LightStep On-Prem and Private-Managed Collectors


The LightStep data processing pipeline has two major components: the collector pool and the analysis engine. All spans generated by instrumented clients and servers are sent to a collector pool where they are processed and temporarily stored during trace assembly. The analysis engine records aggregate information about spans, directs the assembly process, and stores traces durably.

While LightStep offers a complete SaaS solution encompassing both components, we offer two additional options for LightStep Enterprise customers, on-prem collectors and private-managed collectors, that provide additional security and improve performance. These are hybrid configurations as the analysis engine is run by LightStep as a service in all cases.

SaaS Collectors

LightStep offers a SaaS pool for customers with smaller workloads and as an evaluation tool for Enterprise customers. These collectors provide only limited recall for assembling traces and are not suitable for larger workloads.

On-Prem Collectors

LightStep also offers the option for customers to run collectors on-premise. This gives you complete control over the resources used by the collector pool and therefore control over how many traces can be assembled and how much recall is available.

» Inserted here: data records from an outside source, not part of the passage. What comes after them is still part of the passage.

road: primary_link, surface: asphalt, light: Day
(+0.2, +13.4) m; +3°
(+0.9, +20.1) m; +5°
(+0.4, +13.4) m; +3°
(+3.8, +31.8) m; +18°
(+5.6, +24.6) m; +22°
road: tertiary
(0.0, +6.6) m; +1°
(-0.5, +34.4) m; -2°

An on-prem pool also greatly reduces the amount of data leaving your network and the costs associated with network egress. Each instrumented client or server sends all spans to a collector, where statistics are computed and the spans are temporarily buffered. These buffered spans are provided—on-demand—to the LightStep analysis engine as part of trace assembly. Since no filtering occurs in the instrumented clients or servers themselves, the amount of data that passes between your application and the collector pool is much larger than the amount of data that passes between the collector pool and the analysis engine.

Because it is hosted within your VPC or datacenter, an on-prem pool provides additional security over the SaaS pool. Collectors support an option to scrub data from spans before they are forwarded to the analysis engine. While no sensitive data should be sent to collectors, this feature provides a form of defense-in-depth to ensure that these data don’t leave your VPC or datacenter.

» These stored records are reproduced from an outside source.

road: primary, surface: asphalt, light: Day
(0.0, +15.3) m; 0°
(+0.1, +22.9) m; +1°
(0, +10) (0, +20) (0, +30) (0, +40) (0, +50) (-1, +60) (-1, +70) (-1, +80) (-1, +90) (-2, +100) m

Collectors are straightforward to deploy (using an AMI or Docker image) and have no storage or other dependencies. However, running a collector pool does require additional operational work for your team, and you are also responsible for the computing costs associated with running these servers or instances. To balance these trade-offs, some customers choose to use the SaaS pool for evaluation and development and then deploy an on-prem pool for production systems.

Private-Managed Collectors

Using private-managed collectors is an option that falls part way between the SaaS pool and an on-prem pool. Like the SaaS pool, these collectors are managed by LightStep engineers, but like an on-prem pool, they only handle data from your application. In addition, technologies like AWS VPC peering can provide additional security. (Note that there is a cost associated with data transfer across peering connections.)